* Data for the task:
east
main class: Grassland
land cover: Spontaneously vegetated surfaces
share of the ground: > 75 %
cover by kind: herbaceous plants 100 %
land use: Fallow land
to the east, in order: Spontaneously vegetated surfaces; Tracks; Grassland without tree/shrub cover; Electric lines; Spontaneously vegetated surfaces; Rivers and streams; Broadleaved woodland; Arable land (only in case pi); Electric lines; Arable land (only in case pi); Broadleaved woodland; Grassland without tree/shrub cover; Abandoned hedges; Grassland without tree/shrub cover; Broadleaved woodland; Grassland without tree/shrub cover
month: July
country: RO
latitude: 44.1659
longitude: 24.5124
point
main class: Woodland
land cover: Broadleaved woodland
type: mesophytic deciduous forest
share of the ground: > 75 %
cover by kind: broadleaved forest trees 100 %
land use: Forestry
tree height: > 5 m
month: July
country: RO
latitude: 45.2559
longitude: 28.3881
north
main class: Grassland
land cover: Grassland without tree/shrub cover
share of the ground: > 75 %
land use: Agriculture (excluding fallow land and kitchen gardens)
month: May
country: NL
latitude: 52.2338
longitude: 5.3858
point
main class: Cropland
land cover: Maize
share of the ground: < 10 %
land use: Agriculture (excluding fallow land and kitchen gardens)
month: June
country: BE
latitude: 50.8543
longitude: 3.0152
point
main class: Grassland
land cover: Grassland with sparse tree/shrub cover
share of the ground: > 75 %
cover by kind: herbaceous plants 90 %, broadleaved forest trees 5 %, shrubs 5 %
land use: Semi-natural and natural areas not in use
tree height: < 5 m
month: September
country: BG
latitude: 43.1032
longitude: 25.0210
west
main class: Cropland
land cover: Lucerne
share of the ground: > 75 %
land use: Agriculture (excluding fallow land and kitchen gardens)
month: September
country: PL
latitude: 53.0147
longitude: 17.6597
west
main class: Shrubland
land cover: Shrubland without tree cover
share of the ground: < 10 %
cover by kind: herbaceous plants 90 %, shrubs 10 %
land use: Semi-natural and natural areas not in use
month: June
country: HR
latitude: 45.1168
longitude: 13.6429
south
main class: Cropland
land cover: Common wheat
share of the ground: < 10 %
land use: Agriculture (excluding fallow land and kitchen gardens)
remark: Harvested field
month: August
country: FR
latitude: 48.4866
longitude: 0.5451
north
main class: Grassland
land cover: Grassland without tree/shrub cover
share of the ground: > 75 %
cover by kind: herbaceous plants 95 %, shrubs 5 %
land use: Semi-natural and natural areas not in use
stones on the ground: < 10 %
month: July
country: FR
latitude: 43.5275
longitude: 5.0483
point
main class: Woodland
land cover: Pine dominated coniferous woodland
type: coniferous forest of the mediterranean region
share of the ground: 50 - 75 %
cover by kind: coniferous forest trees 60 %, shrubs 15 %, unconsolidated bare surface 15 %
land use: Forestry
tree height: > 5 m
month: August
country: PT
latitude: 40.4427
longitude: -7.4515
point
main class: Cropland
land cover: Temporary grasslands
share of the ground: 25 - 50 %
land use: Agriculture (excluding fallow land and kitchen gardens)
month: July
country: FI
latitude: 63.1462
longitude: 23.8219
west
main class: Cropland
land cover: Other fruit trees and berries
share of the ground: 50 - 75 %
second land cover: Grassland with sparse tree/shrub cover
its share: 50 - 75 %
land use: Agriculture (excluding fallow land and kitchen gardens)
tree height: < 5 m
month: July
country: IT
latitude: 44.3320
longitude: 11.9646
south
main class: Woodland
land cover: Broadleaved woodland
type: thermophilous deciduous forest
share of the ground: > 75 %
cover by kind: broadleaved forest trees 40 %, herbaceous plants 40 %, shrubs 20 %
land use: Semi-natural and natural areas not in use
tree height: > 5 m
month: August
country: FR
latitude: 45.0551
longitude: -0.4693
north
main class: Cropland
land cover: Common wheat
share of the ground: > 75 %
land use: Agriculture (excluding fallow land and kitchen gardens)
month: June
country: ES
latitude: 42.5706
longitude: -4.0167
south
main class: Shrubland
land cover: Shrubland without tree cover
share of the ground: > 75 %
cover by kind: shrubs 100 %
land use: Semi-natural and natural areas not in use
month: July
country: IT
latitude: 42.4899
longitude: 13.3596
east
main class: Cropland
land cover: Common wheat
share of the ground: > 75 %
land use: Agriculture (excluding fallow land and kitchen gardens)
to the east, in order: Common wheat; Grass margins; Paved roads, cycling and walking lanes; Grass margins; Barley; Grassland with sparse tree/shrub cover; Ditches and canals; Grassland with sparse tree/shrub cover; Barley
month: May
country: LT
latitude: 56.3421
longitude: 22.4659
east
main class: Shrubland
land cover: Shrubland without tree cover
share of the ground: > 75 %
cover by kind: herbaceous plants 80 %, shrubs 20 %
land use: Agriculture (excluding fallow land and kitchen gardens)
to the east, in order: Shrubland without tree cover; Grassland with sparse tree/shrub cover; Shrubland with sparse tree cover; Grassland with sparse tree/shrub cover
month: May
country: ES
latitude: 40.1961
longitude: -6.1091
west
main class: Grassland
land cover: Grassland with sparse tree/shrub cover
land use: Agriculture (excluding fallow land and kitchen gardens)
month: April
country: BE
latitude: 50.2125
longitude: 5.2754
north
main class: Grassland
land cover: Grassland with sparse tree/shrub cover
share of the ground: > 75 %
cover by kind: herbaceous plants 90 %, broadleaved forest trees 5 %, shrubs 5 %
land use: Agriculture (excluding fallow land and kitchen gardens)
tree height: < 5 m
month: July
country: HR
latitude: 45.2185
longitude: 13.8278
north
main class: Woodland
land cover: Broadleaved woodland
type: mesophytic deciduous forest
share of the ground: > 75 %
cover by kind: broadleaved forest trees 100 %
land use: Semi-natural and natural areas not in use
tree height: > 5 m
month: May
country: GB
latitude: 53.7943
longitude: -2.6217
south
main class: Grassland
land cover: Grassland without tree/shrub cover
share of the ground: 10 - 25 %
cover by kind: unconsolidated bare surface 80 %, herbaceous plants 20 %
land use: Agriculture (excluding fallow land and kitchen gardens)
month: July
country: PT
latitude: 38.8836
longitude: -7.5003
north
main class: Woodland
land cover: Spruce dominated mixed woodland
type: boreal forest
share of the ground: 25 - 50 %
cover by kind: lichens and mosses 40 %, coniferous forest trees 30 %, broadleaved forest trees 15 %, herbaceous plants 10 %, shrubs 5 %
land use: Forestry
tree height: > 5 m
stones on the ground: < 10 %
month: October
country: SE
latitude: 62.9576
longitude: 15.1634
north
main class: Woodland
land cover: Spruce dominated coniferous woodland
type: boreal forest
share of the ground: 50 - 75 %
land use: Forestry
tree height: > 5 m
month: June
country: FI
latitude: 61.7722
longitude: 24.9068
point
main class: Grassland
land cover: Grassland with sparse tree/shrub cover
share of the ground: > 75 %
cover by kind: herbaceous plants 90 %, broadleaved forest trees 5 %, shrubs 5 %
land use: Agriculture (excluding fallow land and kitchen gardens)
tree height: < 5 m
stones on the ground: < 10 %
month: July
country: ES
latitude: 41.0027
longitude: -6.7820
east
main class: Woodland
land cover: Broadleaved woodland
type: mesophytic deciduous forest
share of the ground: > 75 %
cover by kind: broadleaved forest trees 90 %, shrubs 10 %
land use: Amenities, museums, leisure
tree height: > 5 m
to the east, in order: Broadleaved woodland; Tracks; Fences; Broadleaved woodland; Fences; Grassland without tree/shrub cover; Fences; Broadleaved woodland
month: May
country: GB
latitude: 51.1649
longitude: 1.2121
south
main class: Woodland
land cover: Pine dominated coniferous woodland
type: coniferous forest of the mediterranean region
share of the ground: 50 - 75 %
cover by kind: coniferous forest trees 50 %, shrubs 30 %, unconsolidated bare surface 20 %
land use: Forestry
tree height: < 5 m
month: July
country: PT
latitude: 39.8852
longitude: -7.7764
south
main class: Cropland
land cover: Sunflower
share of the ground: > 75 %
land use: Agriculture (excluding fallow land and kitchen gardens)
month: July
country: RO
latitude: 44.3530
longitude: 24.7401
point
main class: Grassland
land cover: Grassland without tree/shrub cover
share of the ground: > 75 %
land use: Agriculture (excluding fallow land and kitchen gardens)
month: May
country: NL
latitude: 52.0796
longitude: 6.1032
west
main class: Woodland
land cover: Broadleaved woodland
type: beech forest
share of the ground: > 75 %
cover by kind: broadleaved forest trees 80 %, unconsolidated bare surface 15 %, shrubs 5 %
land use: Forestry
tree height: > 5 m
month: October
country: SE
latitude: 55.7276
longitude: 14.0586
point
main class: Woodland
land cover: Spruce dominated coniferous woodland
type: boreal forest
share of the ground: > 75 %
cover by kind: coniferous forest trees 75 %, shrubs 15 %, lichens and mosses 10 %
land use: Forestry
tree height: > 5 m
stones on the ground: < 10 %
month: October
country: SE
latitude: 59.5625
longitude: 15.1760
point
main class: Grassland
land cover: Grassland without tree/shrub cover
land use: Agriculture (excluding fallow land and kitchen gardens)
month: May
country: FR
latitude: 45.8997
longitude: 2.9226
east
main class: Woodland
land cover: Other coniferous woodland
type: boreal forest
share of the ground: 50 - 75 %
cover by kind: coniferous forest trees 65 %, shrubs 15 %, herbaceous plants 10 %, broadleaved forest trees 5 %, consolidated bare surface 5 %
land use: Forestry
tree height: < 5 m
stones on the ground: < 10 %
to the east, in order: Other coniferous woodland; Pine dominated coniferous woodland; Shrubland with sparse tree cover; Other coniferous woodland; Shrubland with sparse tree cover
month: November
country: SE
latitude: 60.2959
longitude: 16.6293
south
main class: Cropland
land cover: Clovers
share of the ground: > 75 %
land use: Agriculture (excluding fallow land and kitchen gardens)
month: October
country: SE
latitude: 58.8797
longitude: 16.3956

* What you are asked to do: Please copy the lines above from the line with "latitude: 45.0551" up to and including the line with "cover by kind: herbaceous plants 80", exactly as written and with nothing else.

* Task solution:
latitude: 45.0551
longitude: -0.4693
north
main class: Cropland
land cover: Common wheat
share of the ground: > 75 %
land use: Agriculture (excluding fallow land and kitchen gardens)
month: June
country: ES
latitude: 42.5706
longitude: -4.0167
south
main class: Shrubland
land cover: Shrubland without tree cover
share of the ground: > 75 %
cover by kind: shrubs 100 %
land use: Semi-natural and natural areas not in use
month: July
country: IT
latitude: 42.4899
longitude: 13.3596
east
main class: Cropland
land cover: Common wheat
share of the ground: > 75 %
land use: Agriculture (excluding fallow land and kitchen gardens)
to the east, in order: Common wheat; Grass margins; Paved roads, cycling and walking lanes; Grass margins; Barley; Grassland with sparse tree/shrub cover; Ditches and canals; Grassland with sparse tree/shrub cover; Barley
month: May
country: LT
latitude: 56.3421
longitude: 22.4659
east
main class: Shrubland
land cover: Shrubland without tree cover
share of the ground: > 75 %
cover by kind: herbaceous plants 80 %, shrubs 20 %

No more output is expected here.